23 April, 2011

April is the coolest month!

Actually, April's kind of a slog, I have to say. Brilliant autumn days that I mostly can't go out in, except to the dayjob.

Here I am on the third day of my Easter-weekend all-but-final-assault on the novel revisions. Have had one ordinary day, one good day and one very faffy morning. You, dear blog readers, are being faffed at right now. I am boring (yes, that's the operative word) through to the end-of-April deadline, and I think I will make it. I can't imagine what that will feel like; pretty much like not-having-an-albatross-around-my-neck, I expect.

Pre-deadline upcoming wonderfulness includes the Vogel party.

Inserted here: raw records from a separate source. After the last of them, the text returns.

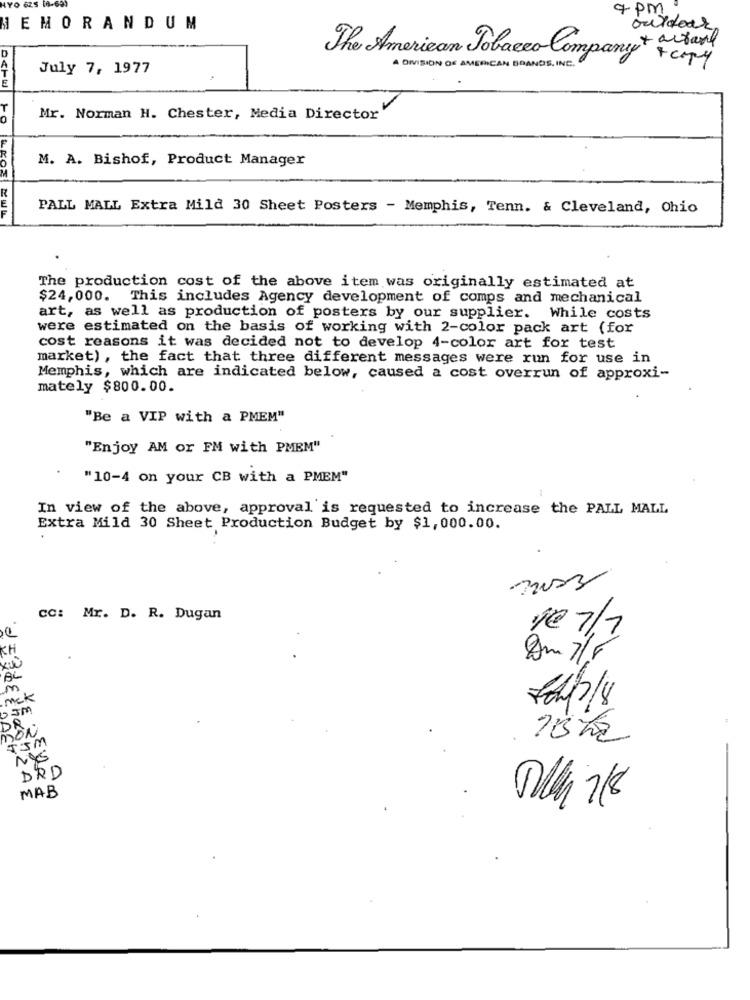
YO 625
9 pm
MEMORANDUM
outdoor
The American Tobacco Company + + copy
July 7, 1977
A DIVISION OF AME
CAN BRANDS, INC.
E
Mr. Norman H. Chester, Media Director'
M. A. Bishof, Product Manager
PALL MALL Extra Mild 30 Sheet Posters - Memphis, Tenn. & Cleveland, Ohio
The production cost of the above item was originally estimated at
$24,000. This includes Agency development of comps and mechanical
art, as well as production of posters by our supplier. While costs
were estimated on the basis of working with 2-color pack art (for
cost reasons it was decided not to develop 4-color art for test
market) , the fact that three different messages were run for use in
Memphis, which are indicated below, caused a cost overrun of approxi-
mately $800.00.
"Be a VIP with a PMEM"
"Enjoy AM or FM with PMEM"
"10-4 on your CB with a PMEM"
In view of the above, approval is requested to increase the PALL MALL
Extra Mild 30 Sheet Production Budget by $1,000.00.
CC: Mr. D. R. Dugan
10 7/7
BL
mck
DE
MON
DRD
1012 A
MAB

We are awarding the 30th Australian/Vogel's literary award to a writer whose name will only be revealed on Wednesday night, but the book will be available right away, having been through the editorial/publication process since we decided on our winner last August. This is going to be a Big Bash, with Fancy Guests from all over to celebrate 30 years of Vogelicious literature.

Post-deadline wonderfulness of course is all about flying away, away, with an absolutely jampacked-with-work three weeks in between the two trips.

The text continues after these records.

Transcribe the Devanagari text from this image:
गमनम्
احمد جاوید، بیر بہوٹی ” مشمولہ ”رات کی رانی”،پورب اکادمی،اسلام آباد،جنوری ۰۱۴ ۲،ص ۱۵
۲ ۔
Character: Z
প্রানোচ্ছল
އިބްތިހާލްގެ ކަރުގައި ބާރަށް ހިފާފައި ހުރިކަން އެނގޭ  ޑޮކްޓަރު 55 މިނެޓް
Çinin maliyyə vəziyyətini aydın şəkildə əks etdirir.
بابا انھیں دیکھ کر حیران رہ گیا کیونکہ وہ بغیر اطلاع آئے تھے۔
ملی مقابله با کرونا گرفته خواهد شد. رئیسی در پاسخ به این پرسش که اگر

So I promise to get interesting soon. But for the moment it's all just scribble-scribble-scribble, sit and think, then scribble some more.

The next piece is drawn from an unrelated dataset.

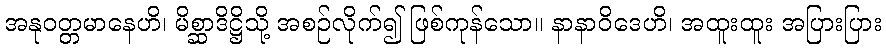
အနုဝတ္တမာနေဟိ၊ မိစ္ဆာဒိဋ္ဌိသို့ အစဉ်လိုက်၍ ဖြစ်ကုန်သော။ နာနာဝိဒေဟိ၊ အထူးထူး အပြားပြား

So why don't you go and look at this wiggly dancing by Lil Buck and Yo Yo Ma (via @Gwenda)?

UPDATE: The Australian/Vogel shortlistees are published in the Australian today. They are: Jade Maitre, for A Short Death, Rohan Wilson, for The Roving Party, and Romy Ash for Floundering. *zips lips, waits for Wednesday*

09 April, 2011

Also,

the zombies won. Less said the better about that, don't you think?

'...the pleasure of storytelling is palpable.'

So says Delia Falconer in the Australian this morning, of Yellowcake.
...the overwhelming strength of Lanagan's writing is its pungent physicality. Like good animation, these stories are feats of magical imagining that live through their precise feel for objects' movement and weight. In 'Night of the Firstlings'...the mephitic wind that kills the unprotected first-born brings death with all its terror and smells, while the Red Sea parts to reveal an uneven and terrifyingly naked ocean floor.
That's nice, eh?

I'm up to my ears re-revising the selkie novel at the moment, so haven't got a lot to say—except, hey, writing is hard, but fun, but maddening, but so satisfying when it's going well (as it sometimes is). I will come up for air in May to go to New Zealand, and preparations are also in train for the Clarion West trip in June and July.

I hope you're all sleeping well, eating lots of fresh food, and finding plenty of good reading, online and elsewhere.